• **Task to carry out**
Required from the data below: the exact lines starting at the line containing "ဝိပဿနာ ကူးပုံ၊ ၎င်းင်းကို" and ending at the line containing "и́ разгром'и́л в сраже́н'ии", with both ends kept and all pictures dropped.

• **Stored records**
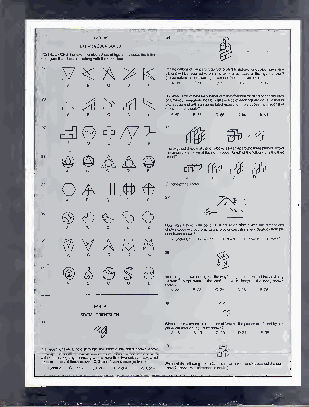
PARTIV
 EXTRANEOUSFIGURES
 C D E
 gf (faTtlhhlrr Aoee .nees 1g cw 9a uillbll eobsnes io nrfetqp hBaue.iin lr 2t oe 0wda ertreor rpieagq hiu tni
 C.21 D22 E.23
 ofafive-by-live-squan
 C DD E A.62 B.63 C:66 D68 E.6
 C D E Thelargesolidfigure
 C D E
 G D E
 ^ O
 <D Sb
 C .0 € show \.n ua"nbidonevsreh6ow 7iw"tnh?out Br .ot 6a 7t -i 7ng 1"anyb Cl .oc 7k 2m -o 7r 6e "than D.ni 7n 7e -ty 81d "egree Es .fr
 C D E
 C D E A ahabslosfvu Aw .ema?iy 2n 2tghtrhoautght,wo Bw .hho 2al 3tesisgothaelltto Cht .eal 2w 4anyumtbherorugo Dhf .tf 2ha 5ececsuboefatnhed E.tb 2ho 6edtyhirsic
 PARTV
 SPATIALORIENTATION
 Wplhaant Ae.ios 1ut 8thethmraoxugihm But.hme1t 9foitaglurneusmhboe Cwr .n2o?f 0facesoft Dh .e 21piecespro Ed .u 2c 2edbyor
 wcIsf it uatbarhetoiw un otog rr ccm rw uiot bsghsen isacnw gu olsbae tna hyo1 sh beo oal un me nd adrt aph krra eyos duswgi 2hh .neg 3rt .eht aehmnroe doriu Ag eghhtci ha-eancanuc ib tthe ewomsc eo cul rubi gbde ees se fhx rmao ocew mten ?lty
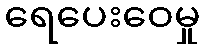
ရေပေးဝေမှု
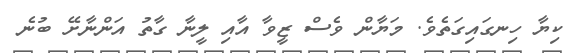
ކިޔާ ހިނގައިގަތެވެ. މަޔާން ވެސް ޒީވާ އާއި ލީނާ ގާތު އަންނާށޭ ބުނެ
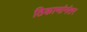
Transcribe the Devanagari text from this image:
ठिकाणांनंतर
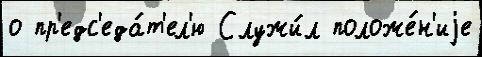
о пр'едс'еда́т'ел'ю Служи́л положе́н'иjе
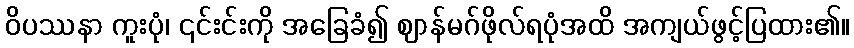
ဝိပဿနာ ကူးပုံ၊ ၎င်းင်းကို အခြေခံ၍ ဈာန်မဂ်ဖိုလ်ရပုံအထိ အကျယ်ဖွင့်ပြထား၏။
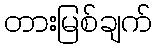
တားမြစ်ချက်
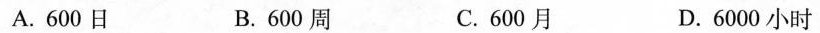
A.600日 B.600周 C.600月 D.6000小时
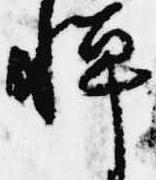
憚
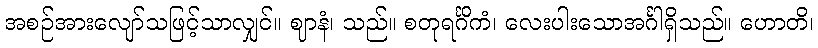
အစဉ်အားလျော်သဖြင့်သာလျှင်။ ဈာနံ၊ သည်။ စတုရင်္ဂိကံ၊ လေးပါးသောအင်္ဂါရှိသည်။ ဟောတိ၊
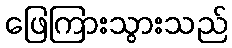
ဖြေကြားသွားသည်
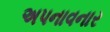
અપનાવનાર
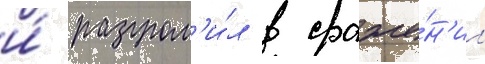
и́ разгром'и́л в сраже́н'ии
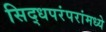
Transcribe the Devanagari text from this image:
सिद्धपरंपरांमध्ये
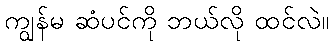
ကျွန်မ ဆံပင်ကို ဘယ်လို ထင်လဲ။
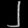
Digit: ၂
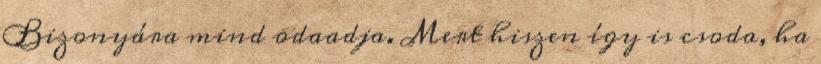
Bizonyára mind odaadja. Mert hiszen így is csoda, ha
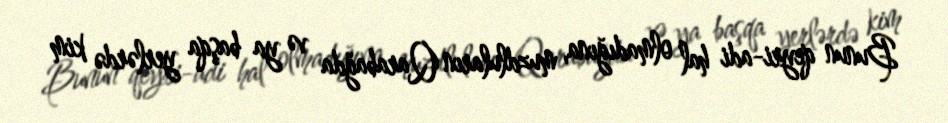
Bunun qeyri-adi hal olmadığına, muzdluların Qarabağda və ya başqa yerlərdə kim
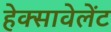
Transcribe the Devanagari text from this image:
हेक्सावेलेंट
---
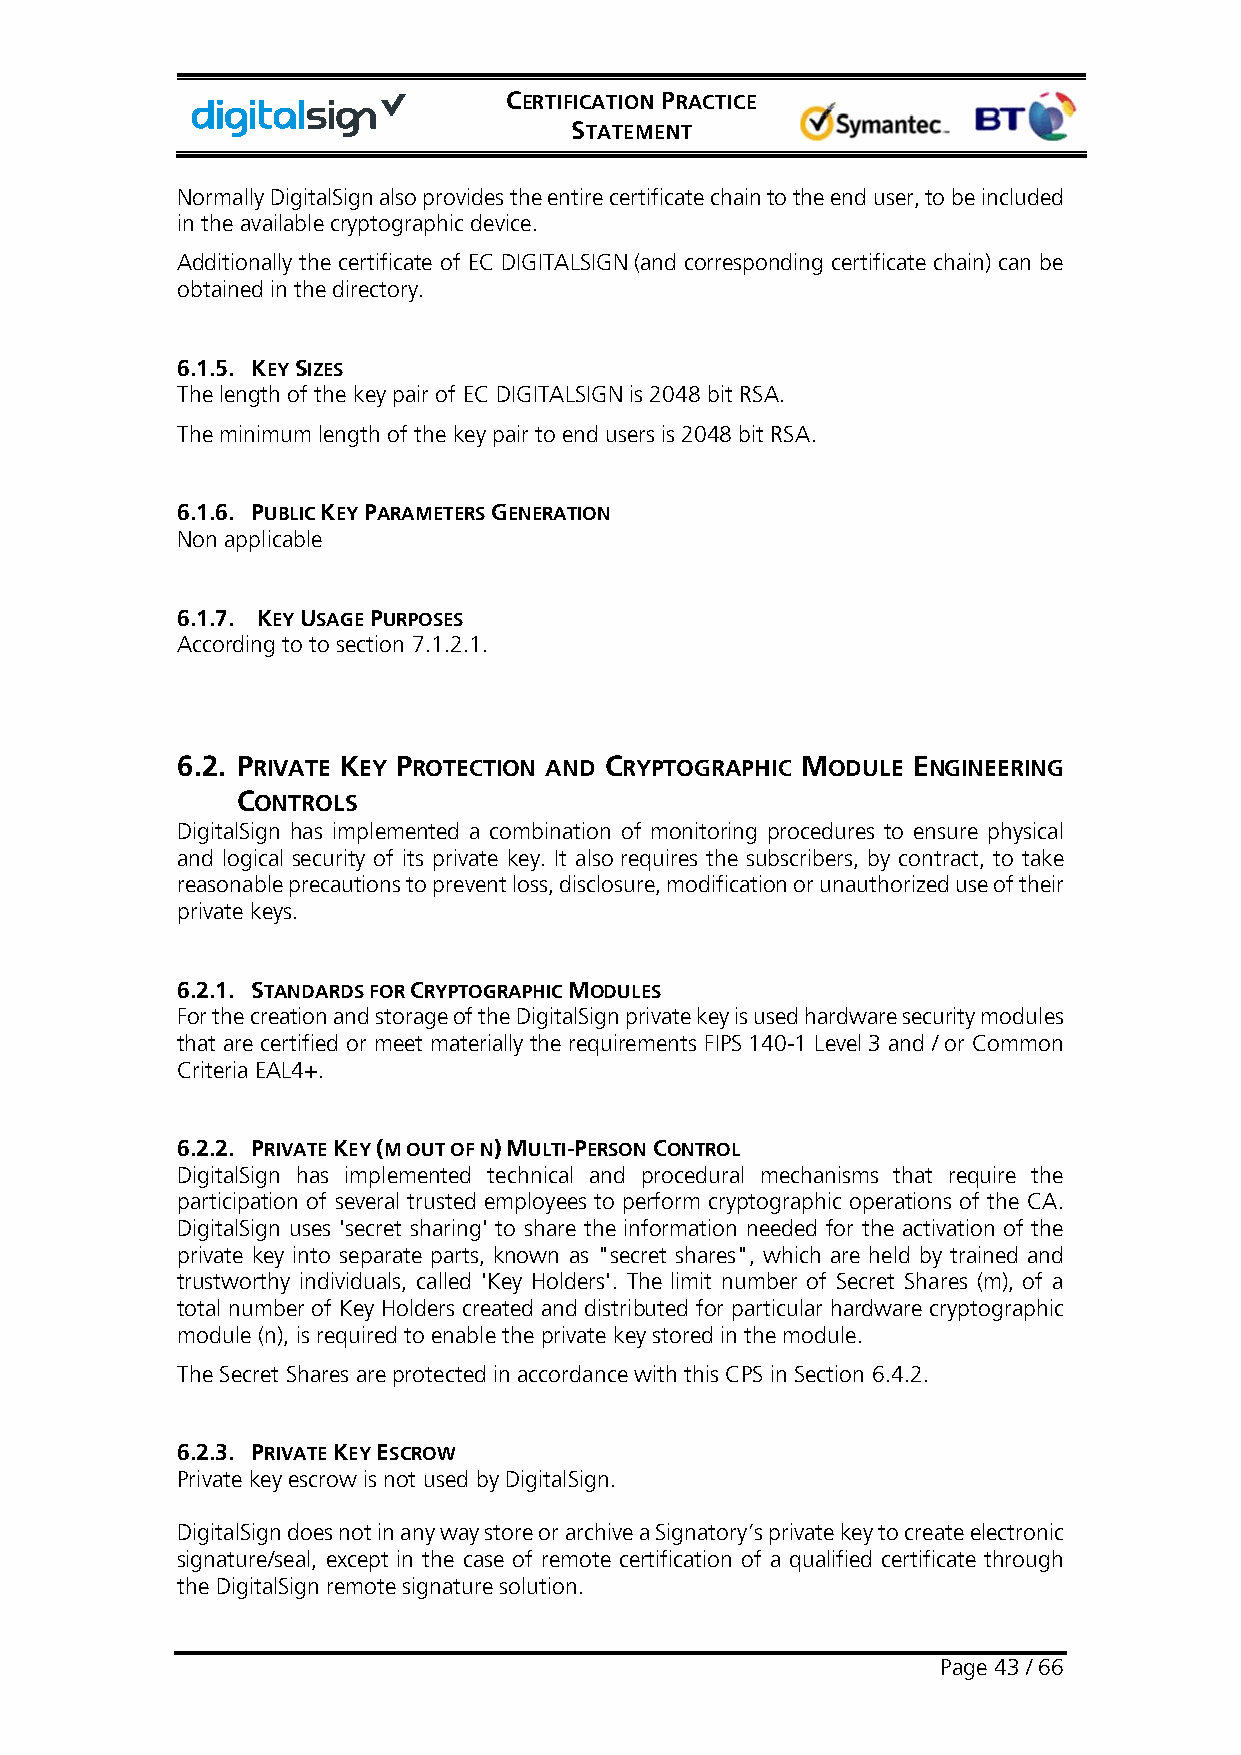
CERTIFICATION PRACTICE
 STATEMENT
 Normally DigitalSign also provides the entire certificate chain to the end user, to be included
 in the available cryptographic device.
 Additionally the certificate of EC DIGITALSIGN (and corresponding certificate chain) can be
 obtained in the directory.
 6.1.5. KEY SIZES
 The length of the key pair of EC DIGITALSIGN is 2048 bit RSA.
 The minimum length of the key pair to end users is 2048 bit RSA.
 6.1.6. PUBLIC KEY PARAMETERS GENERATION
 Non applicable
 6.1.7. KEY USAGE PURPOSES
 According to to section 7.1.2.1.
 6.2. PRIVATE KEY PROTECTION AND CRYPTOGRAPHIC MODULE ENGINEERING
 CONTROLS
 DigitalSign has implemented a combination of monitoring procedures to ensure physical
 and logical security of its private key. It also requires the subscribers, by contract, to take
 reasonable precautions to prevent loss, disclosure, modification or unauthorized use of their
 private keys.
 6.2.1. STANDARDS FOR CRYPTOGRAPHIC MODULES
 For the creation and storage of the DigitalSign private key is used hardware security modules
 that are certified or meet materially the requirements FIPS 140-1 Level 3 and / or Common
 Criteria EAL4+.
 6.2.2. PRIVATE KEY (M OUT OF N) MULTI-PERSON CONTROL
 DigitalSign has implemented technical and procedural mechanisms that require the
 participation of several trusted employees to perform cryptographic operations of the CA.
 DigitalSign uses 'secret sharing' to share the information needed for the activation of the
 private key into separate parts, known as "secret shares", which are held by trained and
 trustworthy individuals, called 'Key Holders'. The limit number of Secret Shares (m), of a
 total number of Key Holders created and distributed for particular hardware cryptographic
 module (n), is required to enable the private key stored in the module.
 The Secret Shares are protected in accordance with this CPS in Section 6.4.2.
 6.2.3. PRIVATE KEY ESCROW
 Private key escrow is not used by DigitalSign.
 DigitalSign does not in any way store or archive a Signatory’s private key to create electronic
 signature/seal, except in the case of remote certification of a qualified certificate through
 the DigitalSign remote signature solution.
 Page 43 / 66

• **Task result**
ဝိပဿနာ ကူးပုံ၊ ၎င်းင်းကို အခြေခံ၍ ဈာန်မဂ်ဖိုလ်ရပုံအထိ အကျယ်ဖွင့်ပြထား၏။
တားမြစ်ချက်
A.600日 B.600周 C.600月 D.6000小时
憚
အစဉ်အားလျော်သဖြင့်သာလျှင်။ ဈာနံ၊ သည်။ စတုရင်္ဂိကံ၊ လေးပါးသောအင်္ဂါရှိသည်။ ဟောတိ၊
ဖြေကြားသွားသည်
અપનાવનાર
и́ разгром'и́л в сраже́н'ии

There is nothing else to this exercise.